Tuesday, January 12, 2010

session nine

Session 9: teaching as doing, thinking& interpretation
Monday, December 7, 2009

Preparation
   Tasks, in ESL classes, have a crucial role. In fact, it is anything that learners are given to do but in a better sense it can be anything in which learners meaningfully interact with each other. However, the attitudes of the teachers toward the teaching-learning process, how they believe SLA is best facilitated and the approach to language teaching that they apply, highly influences on their interpretation of tasks and their use.
Assistance
   The topic of most importance in this session was the place of tasks in the language classroom. Different approaches hold different interpretations from the notion of language learning task. In GTM for example, to complete sentences and to give grammatically correct answers and in DM to observe and describe sth would be considered appropriate tasks. Yet, a procedural syllabus consists of a series of tasks in which the learners focus on meaning rather than form.

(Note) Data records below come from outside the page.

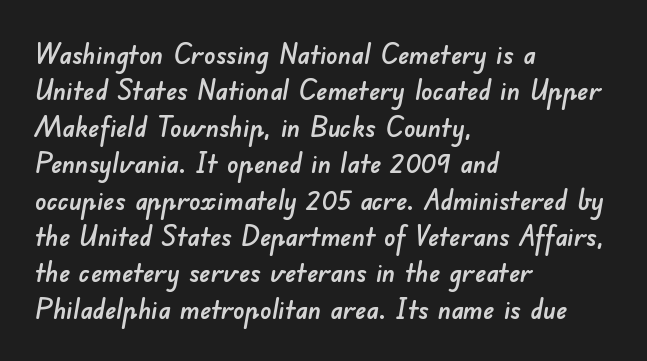
Inter-character spacing is left at the font's built-in metrics. Check where the strokes stop: nothing finishes them off — pure sans. Do the characters align in a grid? No, the font is proportional. These lines are set flush left with a ragged right edge. Notice how descenders clear the ascenders below comfortably — that's standard leading. Beneath every word, the page is bare.
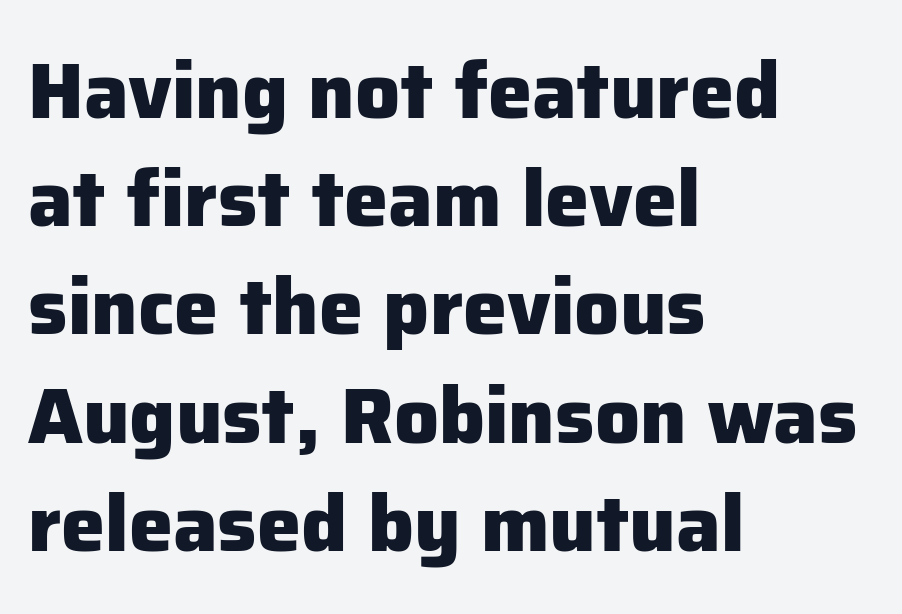
{"serif": "no", "italic": "no", "bold": "yes", "weight": "heavy", "width": "normal", "stroke_contrast": "low", "x_height": "medium", "monospaced": "no", "underline": "no", "align": "left", "line_spacing": "normal", "line_spacing_ratio": 1.37, "letter_spacing": "normal", "letter_spacing_em": 0.0, "glyph_px": 79}
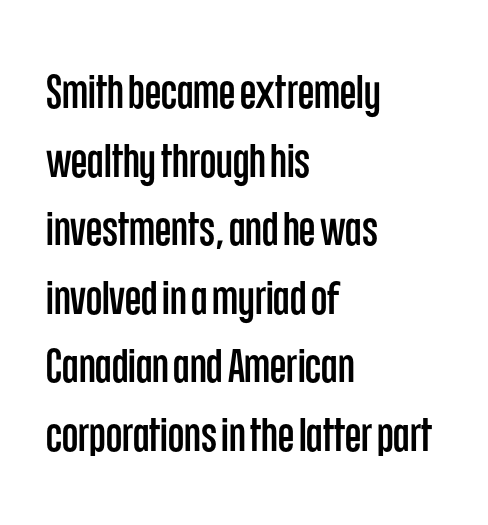
{"serif": "no", "italic": "no", "width": "condensed", "stroke_contrast": "low", "x_height": "large", "monospaced": "no", "underline": "no", "align": "left", "line_spacing": "normal", "line_spacing_ratio": 1.46, "letter_spacing": "normal", "letter_spacing_em": 0.0, "glyph_px": 47}
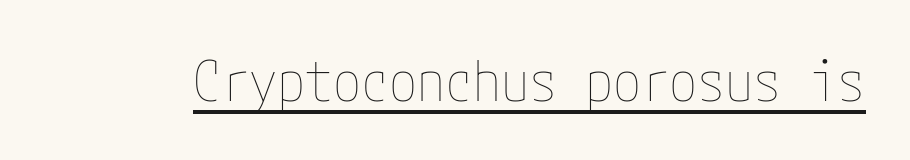
{"italic": "no", "bold": "no", "weight": "thin", "width": "condensed", "stroke_contrast": "low", "x_height": "medium", "underline": "yes", "letter_spacing": "normal", "letter_spacing_em": 0.0, "glyph_px": 56}
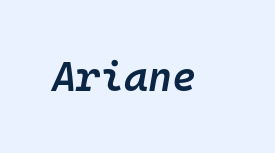
The passage shown is typed in a monospace face where columns stay perfectly aligned. This is moderately heavy type, rendered in semibold. Honestly, there is no underline to notice here at all. The whole block is typeset with a tilt. Tracking here is standard; glyphs follow each other at the usual distance.
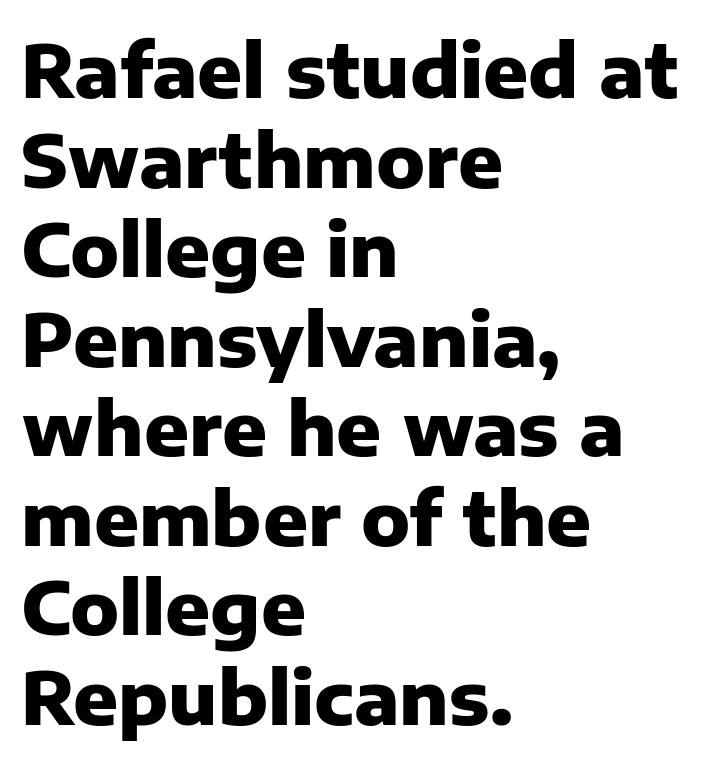
The image shows 74 px heavy sans-serif type, upright; set left-aligned, line spacing 1.21x, normal letter spacing, not underlined; low stroke contrast and a medium x-height.
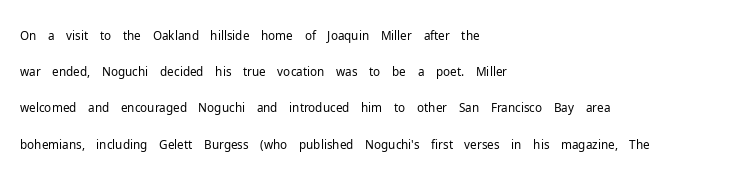
Default kerning and tracking; the words read as compact shapes. Tall strokes in this sample are plumb rather than angled. This rendering uses left alignment, leaving the right contour irregular. Students, observe: this is what conventionally led text looks like. Each stroke keeps to a modest, everyday thickness or less. Honestly, there is no underline to notice here at all.
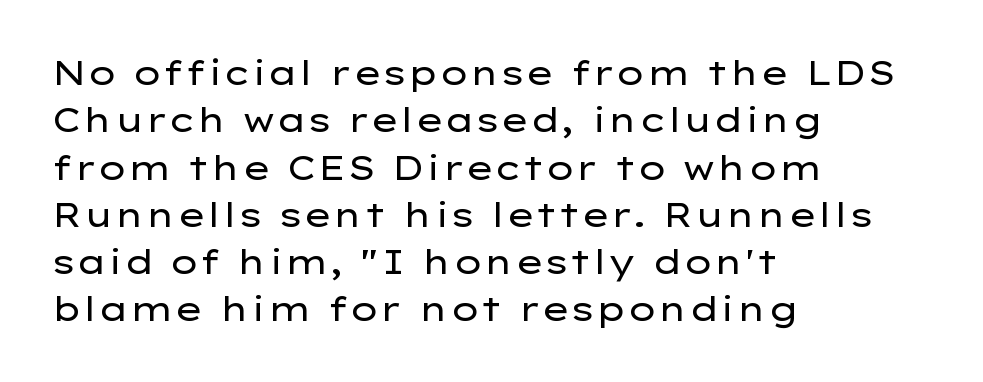
{"serif": "no", "italic": "no", "bold": "no", "weight": "regular", "width": "wide", "stroke_contrast": "low", "x_height": "medium", "monospaced": "no", "underline": "no", "align": "left", "line_spacing": "normal", "line_spacing_ratio": 1.39, "letter_spacing": "normal", "letter_spacing_em": 0.0, "glyph_px": 34}
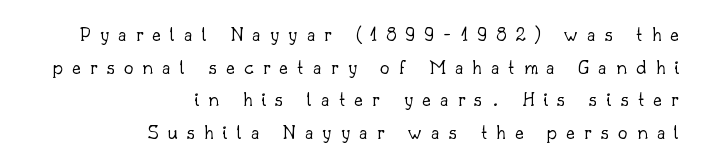
The image shows 21 px text type, upright; set right-aligned, normal line spacing (1.55x), unusually wide letter spacing (+0.44 em), not underlined.
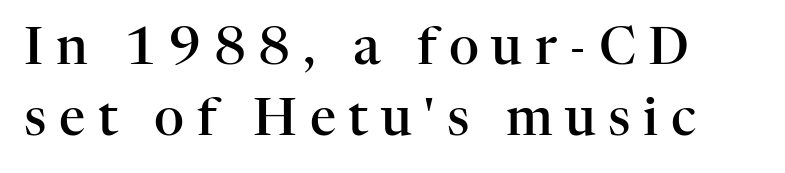
The image shows 52 px semibold serif type, upright; set normal line spacing (1.37x), unusually wide letter spacing (+0.24 em), not underlined; high stroke contrast and a medium x-height.
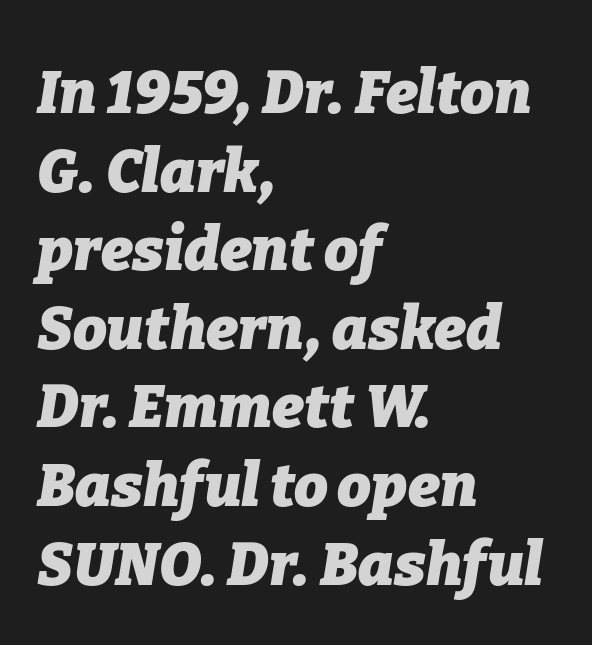
Q: Is the text bold? A: Yes.
Q: Is the text italic (slanted)? A: Yes, it leans right by about 9 degrees.
Q: Is the text underlined? A: No.
Q: How is the paragraph aligned? A: Left-aligned.
Q: Is the spacing between letters normal or unusually wide? A: Normal.
Q: Is the spacing between lines tight, normal or loose? A: Normal.
Q: Width (condensed, normal, or wide)? A: Normal.
Q: Stroke contrast? A: Low.
Q: x-height? A: Medium.
Q: Monospaced? A: No.

   Nunan(1989, 1993) considers tasks as consisting of six elements: the input data which is the material that learners work on, activities or procedures, goals, role of the teachers, roles of the learners and a setting. In another perspective, the task includes the elements of I (the individual's implicit contributions including his attitudes, experience, feelings and attitudes and explicit contributions including his perceptions and knowledge), we (framework of the group) and the theme ( a dynamic element taking shape in an interactional process between learners and teacher) which make together a theme-centered interaction.

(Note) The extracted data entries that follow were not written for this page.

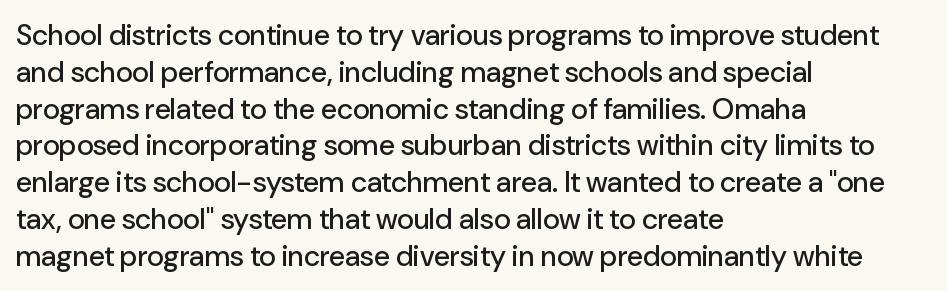
The image shows 29 px sans-serif type, upright; set left-aligned, normal line spacing (1.27x), normal letter spacing, not underlined; low stroke contrast and a medium x-height.
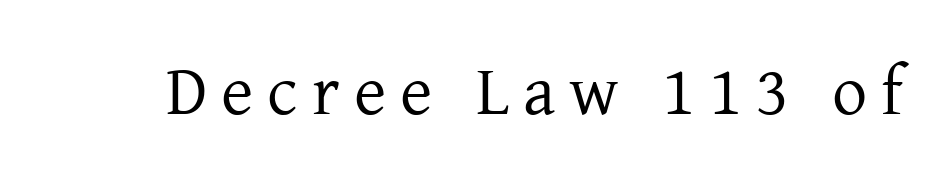
{"serif": "yes", "italic": "no", "bold": "no", "weight": "regular", "width": "normal", "stroke_contrast": "low", "x_height": "medium", "monospaced": "no", "underline": "no", "letter_spacing": "wide", "letter_spacing_em": 0.2, "glyph_px": 70}
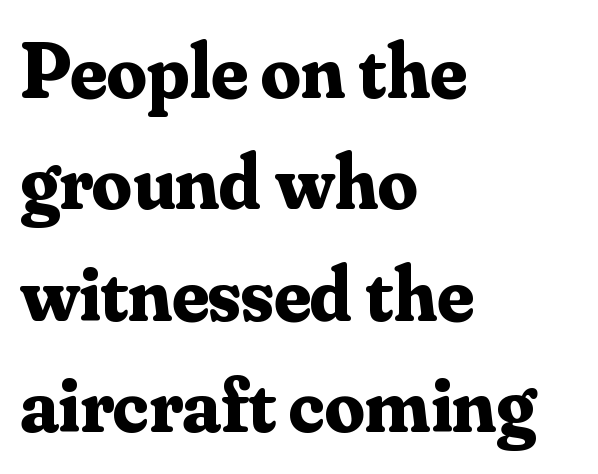
Leftover space on each line is placed entirely after the last word. These words are printed bold, with thick strokes throughout. You could not count columns in this text — the font is proportionally spaced. A normal amount of white space separates one row of letters from the next. If you drew a line through each stem, it would be perfectly vertical.
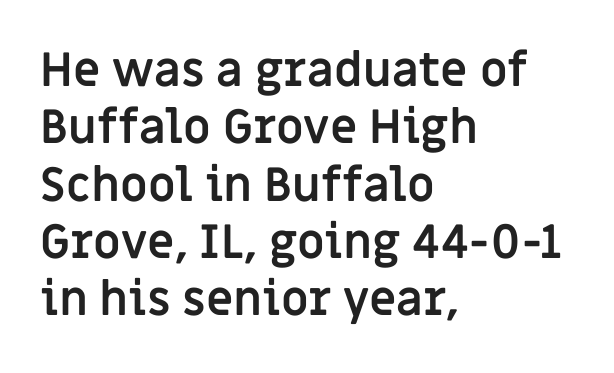
The image shows 47 px semibold sans-serif type, upright; set left-aligned, line spacing 1.22x, normal letter spacing, not underlined; low stroke contrast and a large x-height.
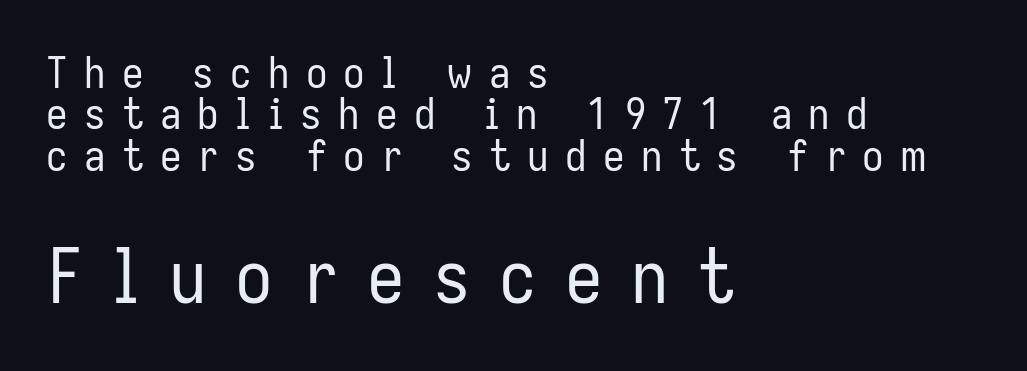
{"serif": "no", "italic": "no", "bold": "no", "weight": "regular", "width": "condensed", "stroke_contrast": "low", "x_height": "medium", "monospaced": "no", "underline": "no", "align": "left", "line_spacing": "tight", "line_spacing_ratio": 0.96, "letter_spacing": "wide", "letter_spacing_em": 0.38, "larger_block": "second", "size_ratio": 1.74, "glyph_px": 75}

    Many factors can affect the difficulty of tasks. Communicative difficulty, cognitive complexity, linguistic complexity, the learner factors including all that the learner brings to the task, amount of context provided, time available and so on.

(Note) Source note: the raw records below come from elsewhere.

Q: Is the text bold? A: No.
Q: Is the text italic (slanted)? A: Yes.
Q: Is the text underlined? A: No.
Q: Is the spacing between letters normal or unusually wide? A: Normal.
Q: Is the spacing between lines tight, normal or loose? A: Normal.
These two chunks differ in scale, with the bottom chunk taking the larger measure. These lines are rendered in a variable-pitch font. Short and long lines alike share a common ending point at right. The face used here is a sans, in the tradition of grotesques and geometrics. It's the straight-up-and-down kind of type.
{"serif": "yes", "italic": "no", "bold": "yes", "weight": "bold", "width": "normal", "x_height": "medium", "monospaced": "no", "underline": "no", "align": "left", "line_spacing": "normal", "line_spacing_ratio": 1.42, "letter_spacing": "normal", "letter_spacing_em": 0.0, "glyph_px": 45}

    In a cognitive processing approach, a task can be considered as a mental act. Feuerstein's cognitive map maintains that seven elements are involved in a mental act. 1. The universe of content (the learner's background), 2. The modality (the language in which the mental act is expressed), 3. Level of complexity (the information required to carry out a mental act), 4. Level of abstraction, 5. Level of efficiency with which the mental act is performed. 6. The cognitive operations (the different processes involved), 7. The phase of the cognitive functions required by the mental act. Learning phase is organized into a simple sequence of: input→elaboration(where the language is processed)→output. Instrumental enrichment is a series of 400 cognitive tasks constructed by Feuerstein in which there is a focus on the importance of mediation and teach both language and thinking skills.
    From an educational view tasks can be defined as a manifestation of the teachers' beliefs about teaching and learning, learners' roles, learning style, level of challenge. In fact, in this perspective, the ways in which teachers mediate in their presentation of tasks is a crucial aspect. Moreover, the sense that learners make of the activities or experiences is of high significance in this view. However, of equal importance is the interaction between teachers and learners.
Application
    The task which I use in my classes should be meaningful to the learners. Since, according to a constructivist view, individuals tend to learn what they think is worth learning, these tasks should also be purposeful to them. Considering the model of theme-centered interaction of tasks, the task that I take to my classes should hold the three dimensions of this model. Furthermore, I need to be clear in my mind what my learning goals are, and attempt to implement these through the tasks that I use.